4月29日、緒戦で大野治房の軍にいた塙檀衛門が功を焦って突出して討ち死にします。
その遺骸の前に茶々が現れいずれは皆この男の横に並ぶと士気の下がるような発言、このドラマの茶々はやはり死ぬ運命にある、と思い込んでいるような・・・
徳川では居眠りばかりしているような本多正信が又兵衛の調略を提案、失敗しますが徳川方と会った事で味方に疑われ焦る事を狙った策で、相変わらず老獪な正信の見せ場でした。

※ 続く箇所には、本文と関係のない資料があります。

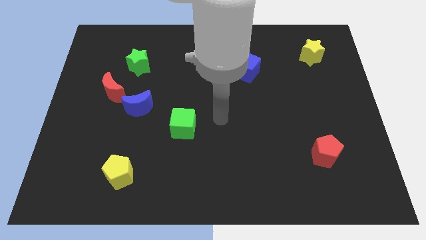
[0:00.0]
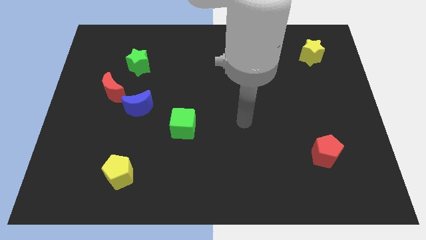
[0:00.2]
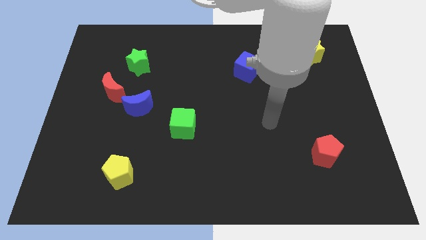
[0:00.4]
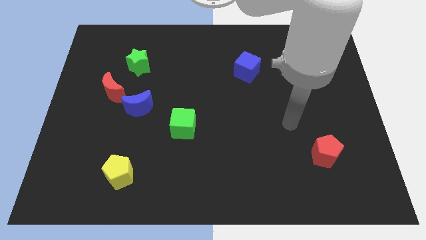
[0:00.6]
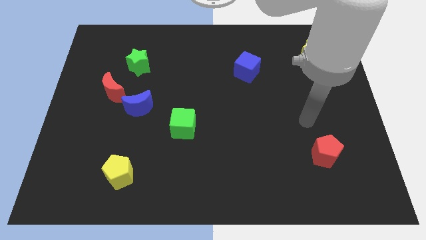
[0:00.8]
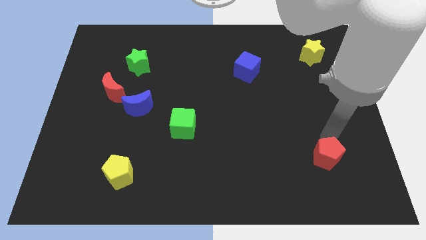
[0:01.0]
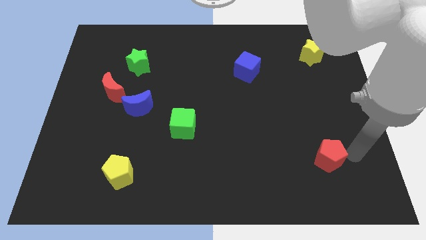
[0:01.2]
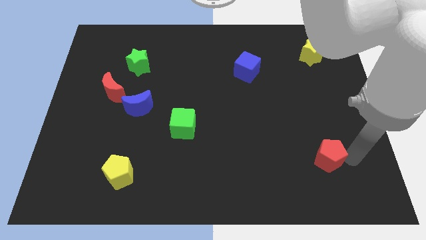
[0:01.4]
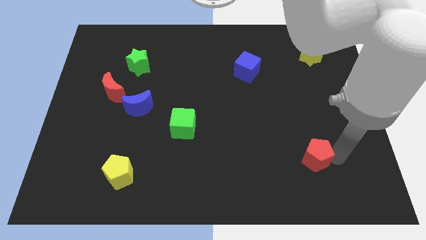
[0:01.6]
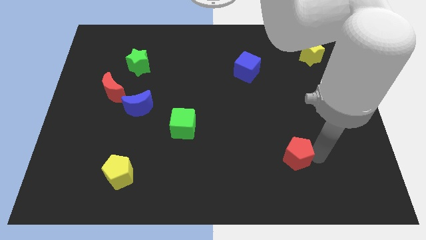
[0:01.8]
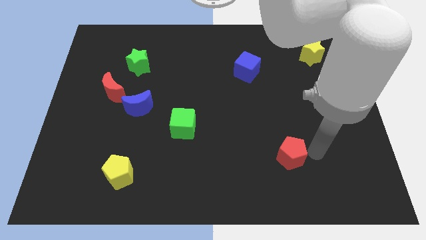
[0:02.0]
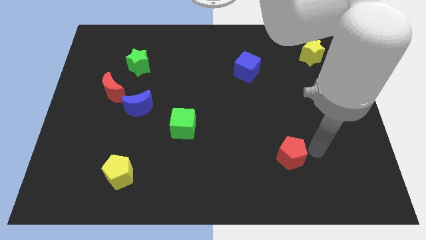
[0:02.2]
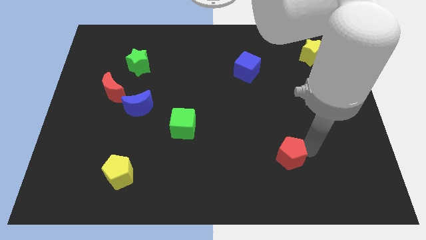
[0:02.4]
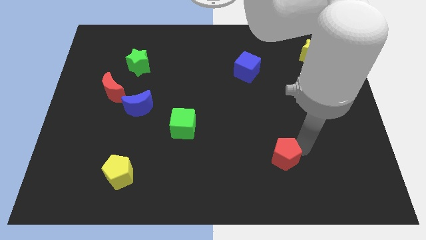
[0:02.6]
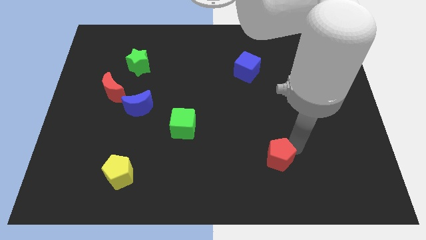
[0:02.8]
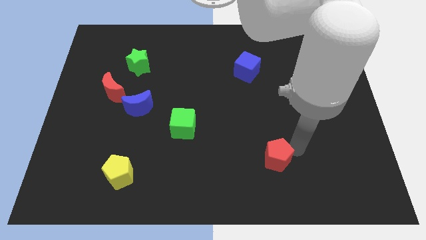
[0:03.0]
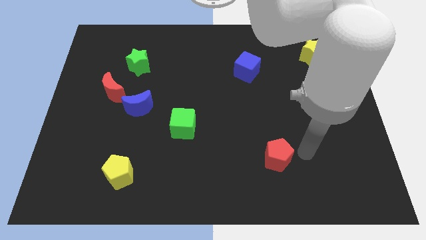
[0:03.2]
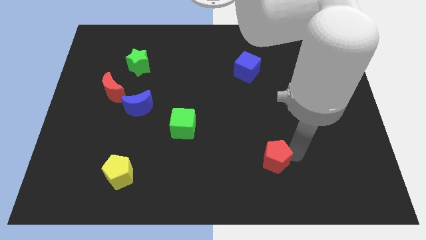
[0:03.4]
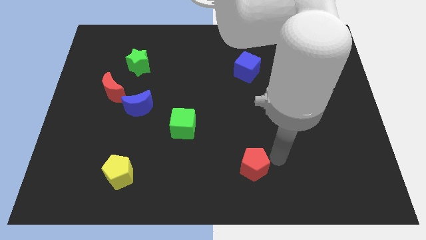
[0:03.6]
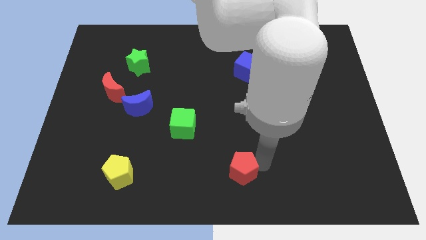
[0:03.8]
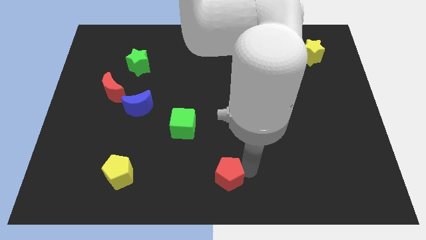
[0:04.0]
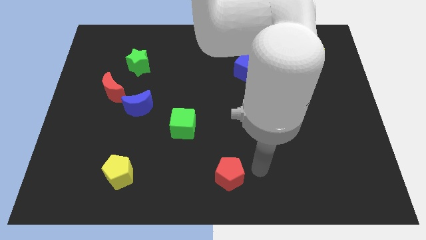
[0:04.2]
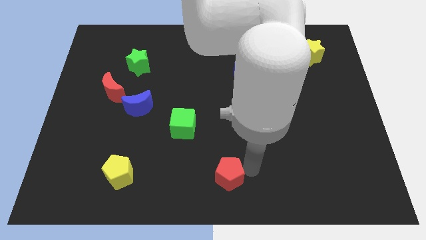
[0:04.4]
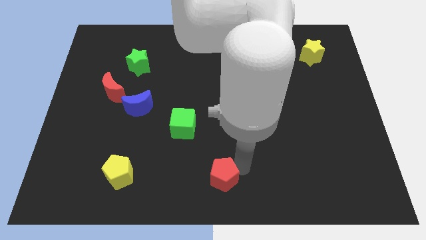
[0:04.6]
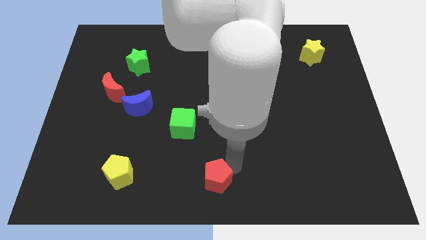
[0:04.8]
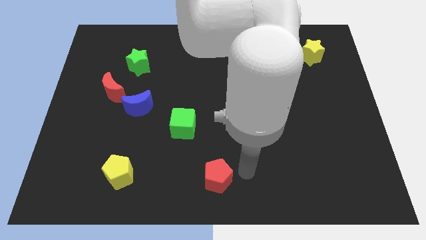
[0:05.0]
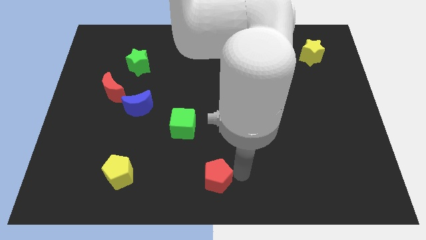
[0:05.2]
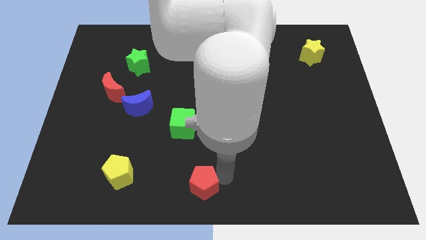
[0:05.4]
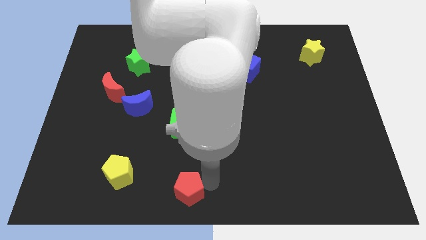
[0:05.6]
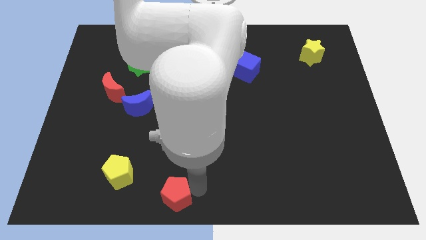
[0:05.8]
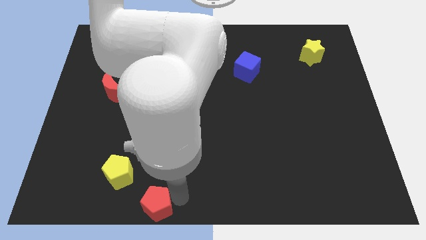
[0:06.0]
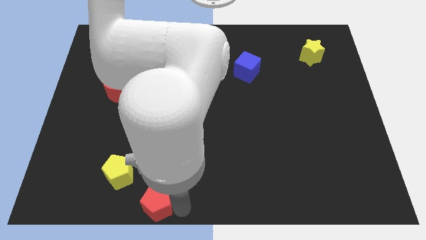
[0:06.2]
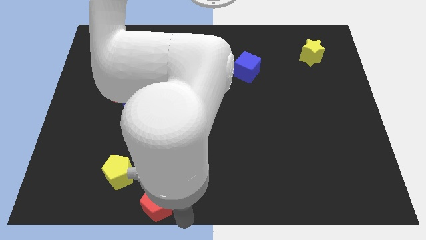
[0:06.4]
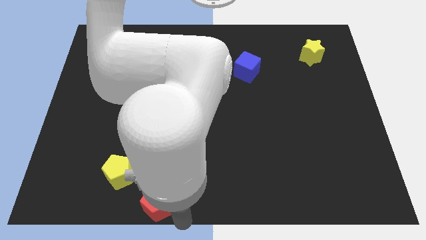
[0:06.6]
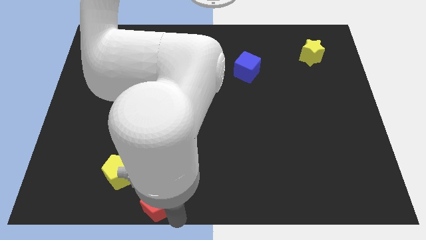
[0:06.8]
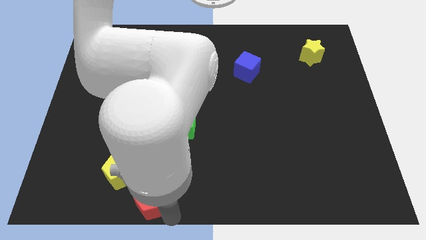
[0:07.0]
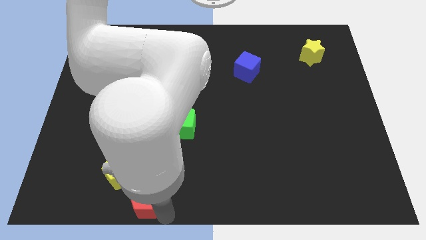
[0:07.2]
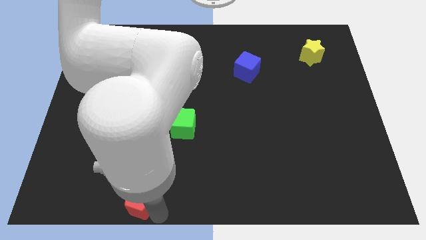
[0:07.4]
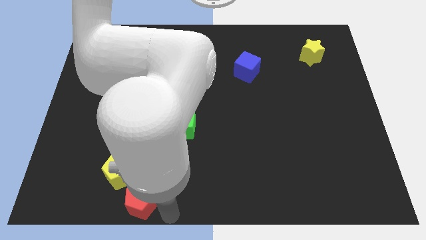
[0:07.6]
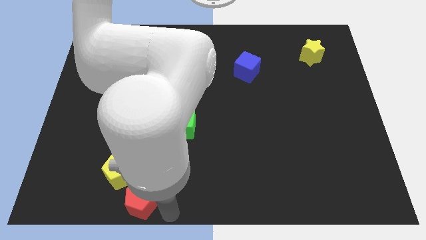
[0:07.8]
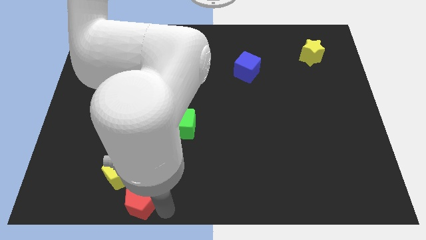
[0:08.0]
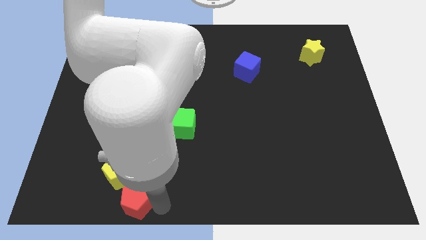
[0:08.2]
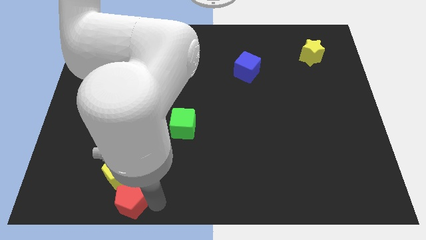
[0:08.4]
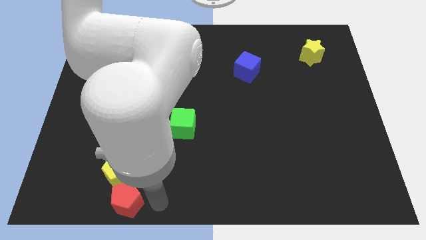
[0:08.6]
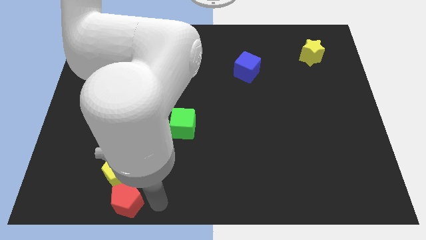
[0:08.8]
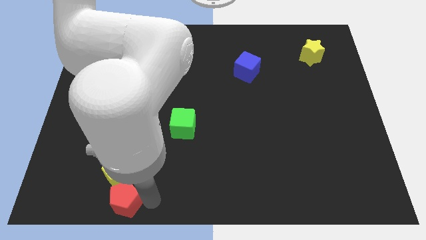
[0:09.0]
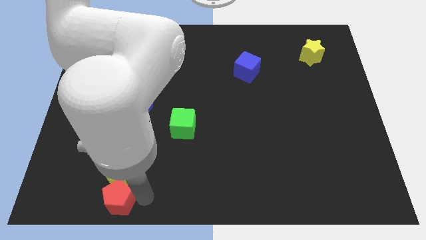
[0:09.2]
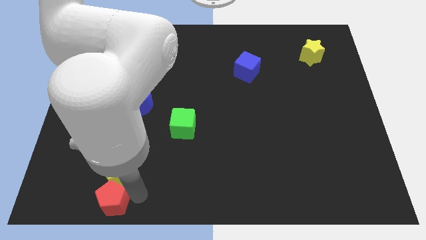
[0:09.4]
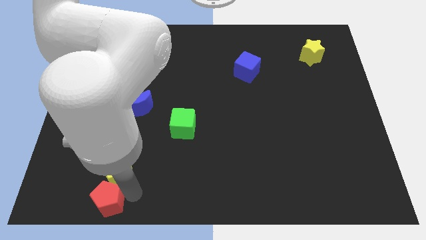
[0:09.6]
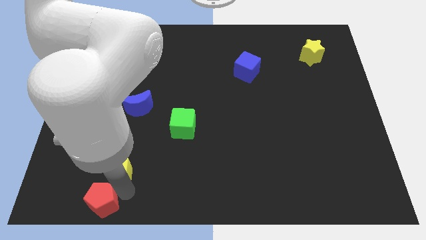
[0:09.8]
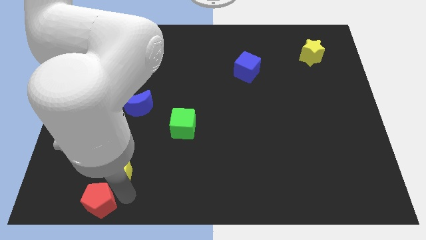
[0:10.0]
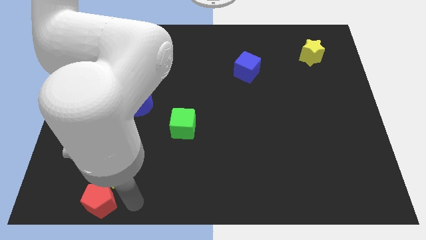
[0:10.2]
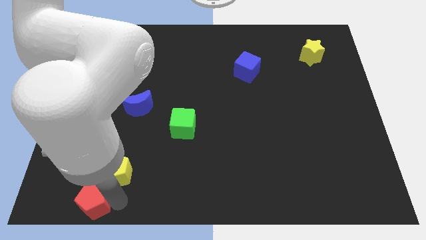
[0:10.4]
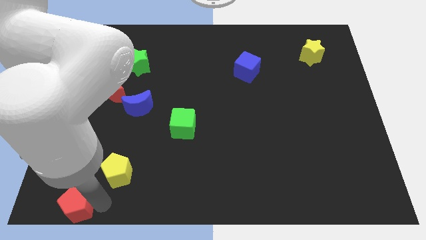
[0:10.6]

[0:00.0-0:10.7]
move the red pentagon to the bottom left corner

一方真田の陣に到着した信之ですが都合の良い事に、まだ幸村の調略を諦めない家康の使者として来ていた信尹に同行する事が出来ました。
大坂城で信之は説得を試みます。
父昌幸の熱望した信濃国守にとの好条件にも応じない幸村をなおも説得する信之さん。
好きなように生きれば良い、しかし死ぬな、と。
今度も又必ず助けて見せると言う言葉に呟いた幸村の「そして又14年」の言葉は凄く重く響きました。
そしてせめて酒を酌み交わしたいと言う幸村に信之はこれが今生の別れではない、と去って
行くのでした。

家康と景勝が酒を酌み交わしている場面が入ります。言い訳がましい事を言う家康に景勝はこの戦いに大義が無い事が気になるのでは、と言います。
そして景勝の言葉は「あの男は自分がそうありたいと思っていた人生を生きている」
これを言いたい為のこの場面ですか。

5月6日道明寺の戦い。ここで又兵衛が戦死。
正信の手が成功して焦ってしまったように描かれていました。
木村重成も若江で戦死。兜に香を焚き込めたお話も紹介されていました。
ここで作戦が筒抜けになっている事に気づいた幸村と毛利勝永。
スパイはなんと台所係の与左衛門でした・・・

同日午後誉田の合戦。
道明寺に到着した幸村と勝成隊の伊達勢との合戦です。
殿として引き上げる真田隊を追う伊達勢を幸村が挑発しますが。政宗は何故か銃撃を止め見逃すのです。
以前大坂城で話し合った場面でも甦ったのでしょうか。
心が通い合ったのか幸村は春と子供たちの保護を政宗に依頼。
春は父と共に残る大助を残して娘と息子を連れ伊達の陣へと向かいます。
出迎えた政宗はなんとずんだ餅を勧めるのですが、これは笑う所?
この時の娘は伊達家の重臣片倉家へ嫁ぐのですが、これは別のお話ですね。

そして大阪城では幸村はきりに千姫の供をして城を出るように命じ、その後は沼田へ帰るようにと言うのですが。
きりの言葉は「戻ってきてお上さと最後までご一緒しますよ。源次郎様がいない世に居てもつまらないから」
大坂の滅亡、幸村が死ぬつもりでいる事を知っての言葉でしょう。
その言葉に幸村はきりを抱きしめます。
長い間きりの思いを知りながら最後の最後になって。
遅い!と言うきりですが本当ですよねえ。遅いわ。


でも幸村の胸に抱かれたきりを見て涙が出ました。このドラマで初めて泣きました。
きりちゃん、良かったねえ。
最初は違和感のあったきりですが回を追う毎にしっかり私をとらえてしまいました。
長澤まさみさん、凄いわ!

いよいよ次週は最終回。
登場人物の大半が死んでしまう事を知りながら1年間見続けるのはちょっとしんどかったですね。